Understanding

I spend quite a bit of my time helping high school students understand physics and mathematics concepts, so I’ve also spent some time wondering how I can better help them understand things. It’s a tough challenge, because I’ve never been like other people in terms of understanding — I’ve always been such a voracious reader that I can use my prior knowledge to make sense out of things.

I do not, however, see many other people doing the same.

What I tend to see instead is students memorizing how to do problems. For example, I was recently helping teach students about enthalpy. There’s a major equation involved:

$latex Q = mcDelta T$

which basically states that the energy you put in to an object changes its temperature in proportion to the objects mass and its specific heat. Mathematically it’s a very simple expression to use. Your typical physics problem might say “How much energy does it take to heat a 2kg lump of steel 10 degrees Celsius?”, in which case you look up the specific heat of steel and then plug the numbers right into the equation.

But then the teacher throws a curveball. Now you’re given the mass of the object and told that it was heated by ten degrees over ten minutes, with 200J of energy put in every minute. What’s the object’s specific heat?

The method to do this, of course, is to figure out the total energy put in (10 * 200 = 2,000J), plug in the numbers, and solve for specific heat. But I have literally watched students approach this problem and give up with no idea of what to do.
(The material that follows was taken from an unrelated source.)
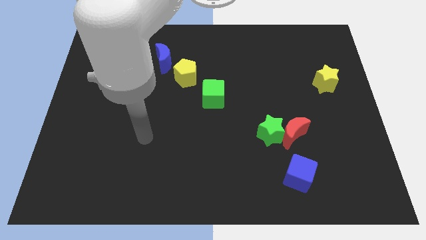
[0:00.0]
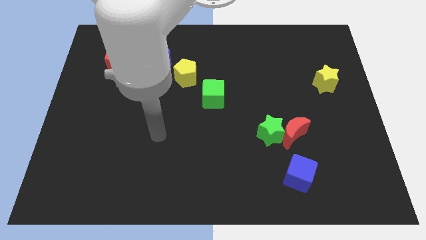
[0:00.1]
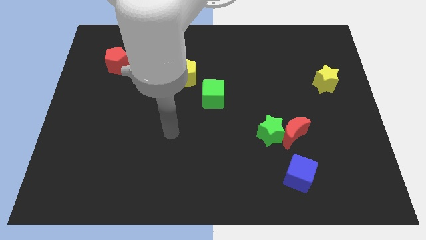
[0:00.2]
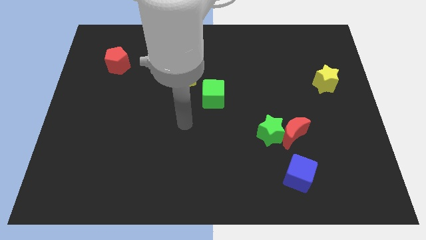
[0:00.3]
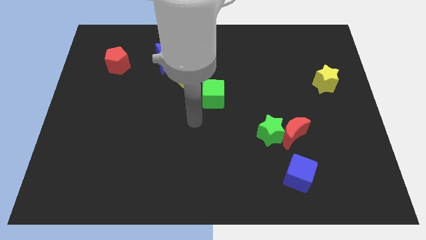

I may not be able to see into their minds, but the problem I see is this: rather than learning the concepts and forming a mental model of how something works, students are learning (and are being taught) how to do certain problems. If a problem is outside the scope of what they’ve been taught, it’s considered impossible — even when it actually could be solved with their current knowledge. When a teacher tries to make students think outside the box, she’s accused of testing students on “stuff she never taught us.”

Is this really a good way of approaching learning? I don’t think so. One could argue that high-school physics will never be useful later in life; the key is that it will never be useful in the sense that most students will never have to figure out the specific heat of a lump of steel ever again. But this approach to learning denies students the other benefit of an education: a better understanding of how the world works. When you actually understand how energy and temperature relate (rather than knowing how to find one when given the other), you are better equipped to meet life’s smaller challenges and better understand the environment around you. You might not be doing algebra in your head 24/7, but at least you’re benefited with a sort of physics intuition.